Explicit in the sense, that the intend of the user can be found in the configuration and thus the system can verify the input.

I can imagine:
* A configuration key that allows certain columns to be optional (explicitly deactivating the test for only those).
* Another layer of JSON files like with $OU for $ROLE. Combining can be confusing for the user though.
* A post-read-hook that adds missing columns to CSV files.
Comment 3 Daniel Tröder univentionstaff 2019-03-12 09:33:14 CET
A configuration key csv:allowed_missing_columns was added whos value can be a list of column names that are allowed to be missing in the input data.

A ucs-test for the feature was also added.
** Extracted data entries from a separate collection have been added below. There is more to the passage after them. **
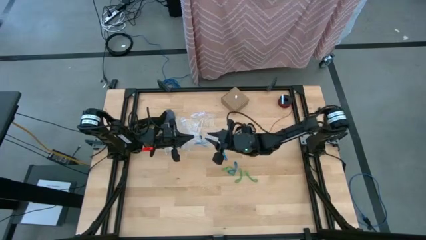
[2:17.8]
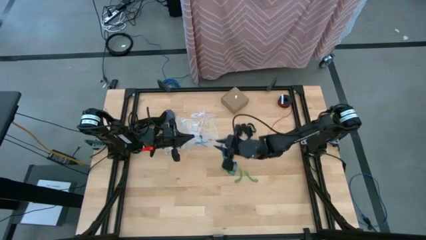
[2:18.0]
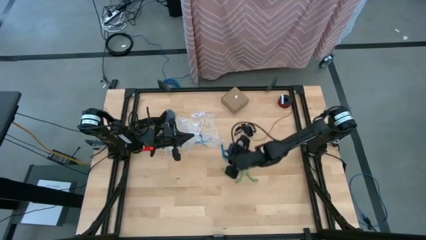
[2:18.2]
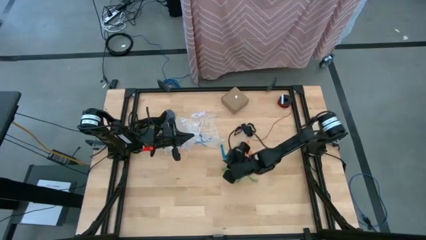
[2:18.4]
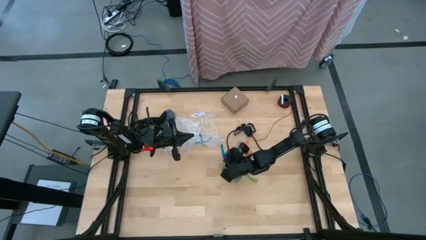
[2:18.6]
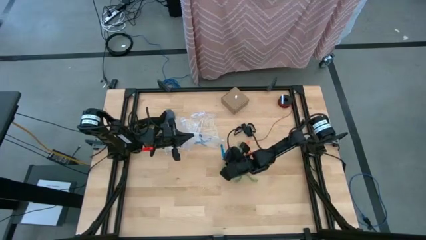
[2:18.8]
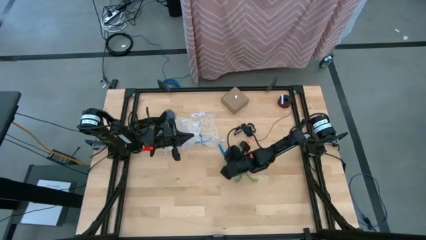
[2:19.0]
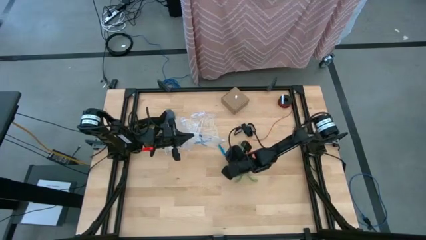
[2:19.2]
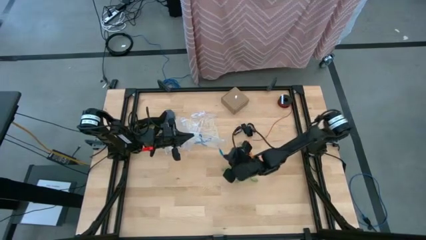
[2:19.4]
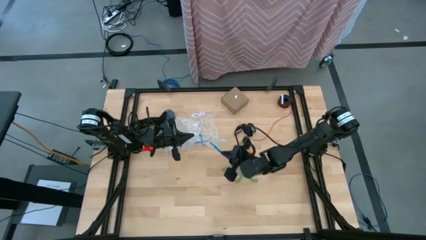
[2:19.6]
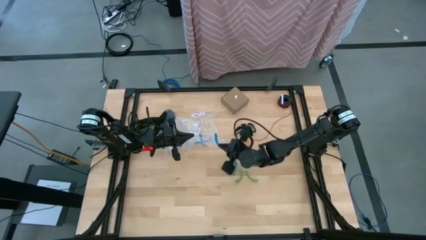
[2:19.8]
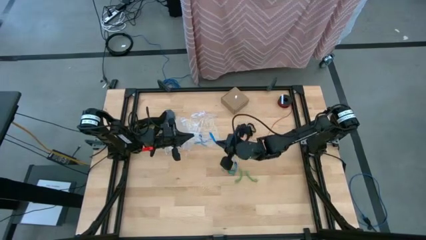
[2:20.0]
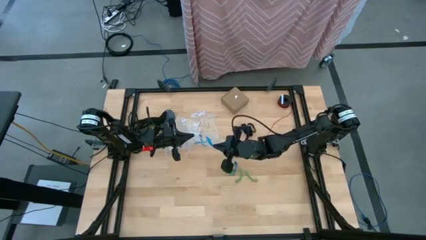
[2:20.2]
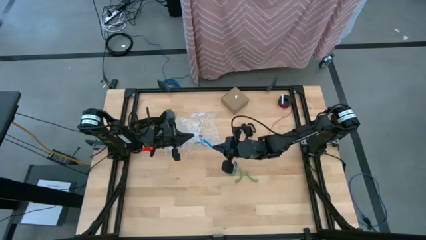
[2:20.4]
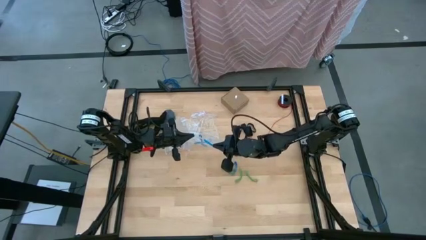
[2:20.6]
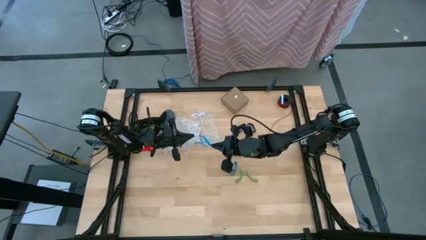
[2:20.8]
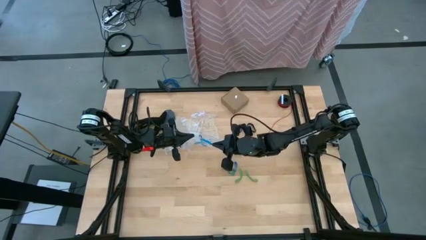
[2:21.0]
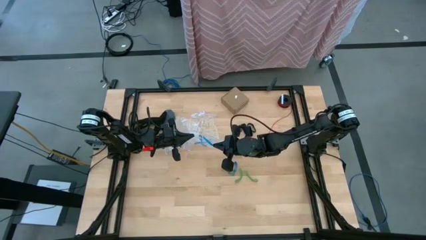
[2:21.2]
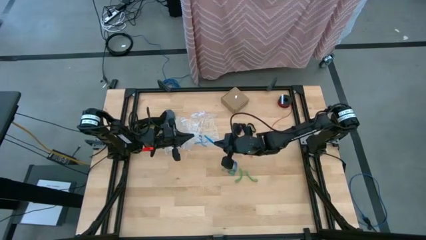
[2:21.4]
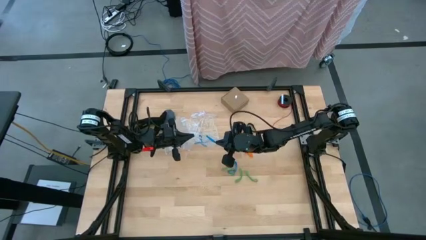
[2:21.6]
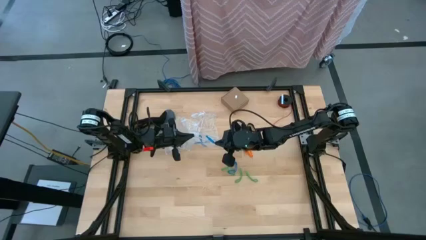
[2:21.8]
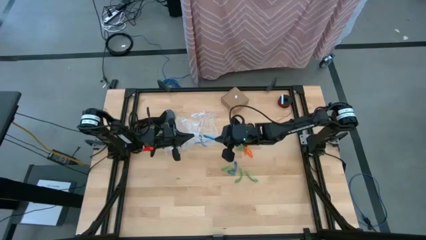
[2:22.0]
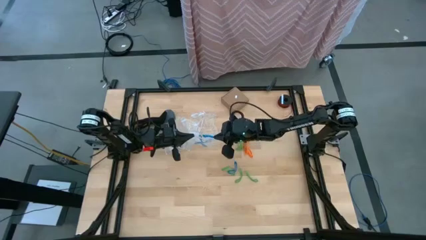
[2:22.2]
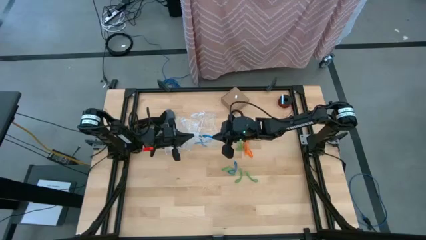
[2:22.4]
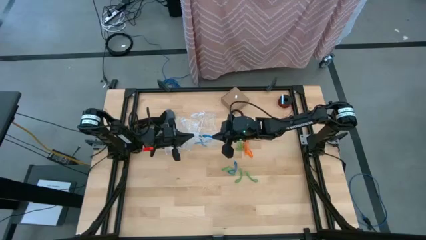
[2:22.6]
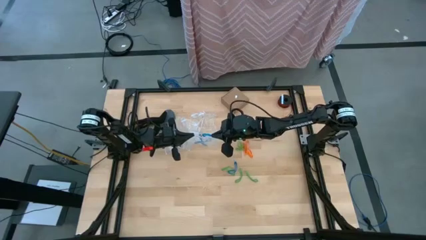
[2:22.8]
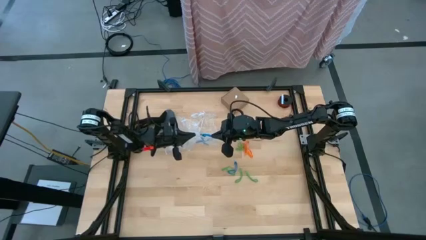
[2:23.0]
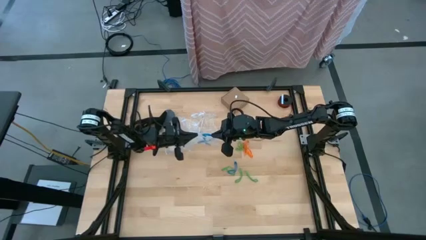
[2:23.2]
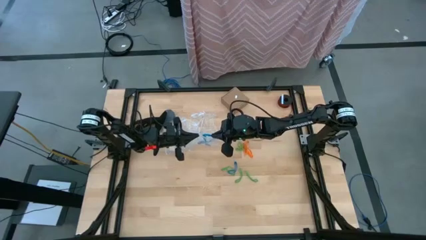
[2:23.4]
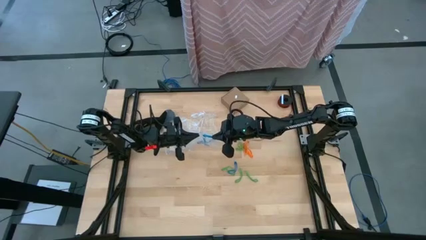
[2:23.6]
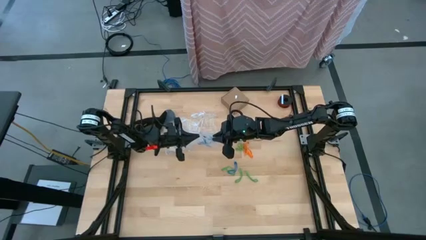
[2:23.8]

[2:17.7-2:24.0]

[dtroeder/48655.allow.missing.columns 7a54c3ad6] Bug #48655: allow the configuration of columns missing in the input file

Please reopen, when starting QA (missing merge, changelog and package build).
Comment 4 Ole Schwiegert univentionstaff 2019-03-13 14:46:26 CET
Package installs: OK
Test passes: OK
allowed_missing_columns: OK

Please merge and create changelog and advisory
Comment 5 Daniel Tröder univentionstaff 2019-03-13 16:59:04 CET
[4.3] fd450cd5c Bug #48655: changelog and advisory
[4.3] 3ce2972b8 Bug #48655: advisory update

Merged to 4.4:

[4.4] 0db4c2c22 Bug #48655: allow the configuration of columns missing in the input file

ucs-school-import (16.0.3-5)
Comment 6 Ole Schwiegert univentionstaff 2019-03-18 09:00:17 CET
4.4:
Changelog: No mention of this bug
Advisory: OK
ucs-test-ucsschool: not build, test not included
manual copied test fails:

Traceback (most recent call last):
  File "245_import_user_allowed_missing_columns", line 69, in <module>
    Test().run()
  File "/usr/lib/pymodules/python2.7/univention/testing/ucsschool/importusers_cli_v2.py", line 293, in run
    self.test()
  File "245_import_user_allowed_missing_columns", line 64, in test
    person.verify()
  File "/usr/lib/pymodules/python2.7/univention/testing/ucsschool/importusers.py", line 352, in verify
    utils.verify_ldap_object(self.dn, expected_attr=self.expected_attributes(), strict=True, should_exist=True)
  File "/usr/lib/pymodules/python2.7/univention/testing/decorators.py", line 39, in __call__
    self.func(*args, **kwargs)
  File "/usr/lib/pymodules/python2.7/univention/testing/utils.py", line 177, in verify_ldap_object
    raise LDAPObjectValueMissing(msg)
univention.testing.utils.LDAPObjectValueMissing: DN: uid=sf5rwiruhz,cn=mitarbeiter,cn=users,ou=or6,dc=realm1,dc=intranet
ucsschoolSourceUID: ['sourceDB'], missing: 'sourceUID-wjgmuncasl'
ucsschoolSourceUID: ['sourceDB'], unexpected: 'sourceDB'
Starting 1 ucs-test at 2019-03-13 09:55:04 to /dev/null
UCS 4.4-0-e5 ucs-test 9.0.2-13A~4.4.0.201903111720
Test csv:allowed_missing_columns config............................... Test failed

manual test: OK
  - new field works as expected
  - works with multiple keys and generates no false positives

4.3:
Changelog&Advisory: OK
ucs-test-ucsschool: OK
manual test: OK
  - new field works as expected
  - works with multiple keys and generates no false positives
Comment 7 Daniel Tröder univentionstaff 2019-03-18 11:01:18 CET
[4.4 74f7ba0b0] Bug #48655: fix configuration

ucs-test-ucsschool (6.0.0-31)
Comment 8 Ole Schwiegert univentionstaff 2019-03-18 11:11:58 CET
Testpackage now build and test passes: OK
Comment 9 Sönke Schwardt-Krummrich univentionstaff 2019-04-01 00:44:22 CEST
UCS@school 4.3 v8 has been released.

https://docs.software-univention.de/changelog-ucsschool-4.3v8-de.html

If this error occurs again, please clone this bug.